Friday, March 8, 2013

Justin Bieber's Gas Mask...As Predictable As The Tides


What do the following people have in common?

Lindsay Lohan, Britney Spears, Whitney Houston, Charlie Sheen, Rihanna, Michael Jackson, Elvis Presley, and now Justin Bieber?

They are all American entertainers who burst on the scene with All-American charm and good-looks and a certain naïve innocence, only to be transformed into raving lunatics. Three on the list are dead by their own hands, the other five, not yet.

This morning in my round up of the morning news I am treated to a picture of Justin Bieber wearing a gas mask, and a headline informing me that the 19 year old had collapsed onstage and been taken to the hospital. The sad truth is that nobody in America is surprised. This is what happens here, this is what we do to famous people.

It probably doesn’t help keeping one’s own self-image in perspective when at age 19 you already have your own line of designer toothbrushes. Must be difficult to maintain humility when before you’re even old enough to take a drink, you have enough money to buy the brewery. So, seeing Bieber’s boyish face covered with a gas mask surrounded by body guards and paparazzi seems the most normal thing in the world at 7 in the morning. TMZ will have all the details tonight, but the story will be so old hat, it will probably end up third in the queue behind Rihanna’s latest porn video or Lindsay Lohan’s latest court appearance.
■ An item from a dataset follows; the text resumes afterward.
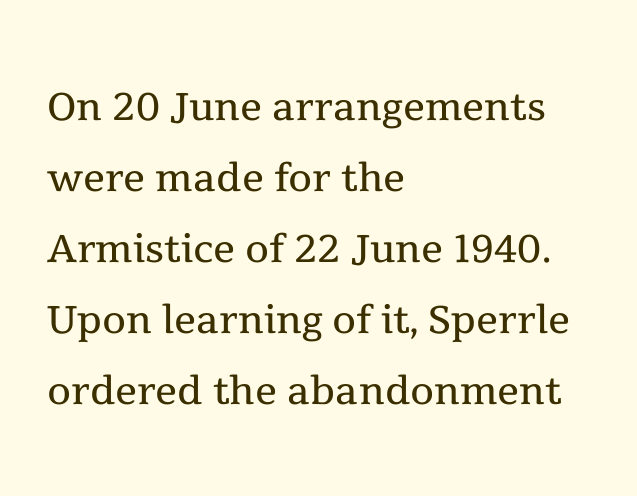
{"serif": "yes", "italic": "no", "bold": "no", "weight": "regular", "width": "normal", "x_height": "medium", "monospaced": "no", "underline": "no", "align": "left", "line_spacing": "normal", "line_spacing_ratio": 1.29, "letter_spacing": "normal", "letter_spacing_em": 0.0, "glyph_px": 55}

Fame in America has become a ticket to insanity, a cycle as predictable as the tides. First we discover the latest fresh face on America’s Got Talent or American Idol. We fall in love with the voice, the style, the possibility of greatness. Then our new hero has hit after hit, sells a billion records, and before they know what has hit them, there’s an “Inc.” at the end of their name. Then come the endorsements, the round the clock exposure, the superhuman schedule, magazine covers, televised interviews. Before long rumors swirl about wild parties, drunkenness and drug use. Then pictures surface of violent clashes with cameramen. A sex tape emerges as sure as the sun rising in the east. They develop a reputation for being “difficult” to work with. Showing up 2 hours late for everything becomes commonplace. Then we’re treated to a series of hook-ups with other equally young, rich, and ungrounded celebrity types. Eventually there will be run-ins with the law, DUI’s, and the unavoidable paternity suit/ unplanned pregnancy. The cycle most likely ends with our hero hold up in a Xanadu of their own making wasting away into madness. The nation mourns at the inevitable news of their tragic and untimely end.

Momma’s, don’t let your babies grow up to be famous.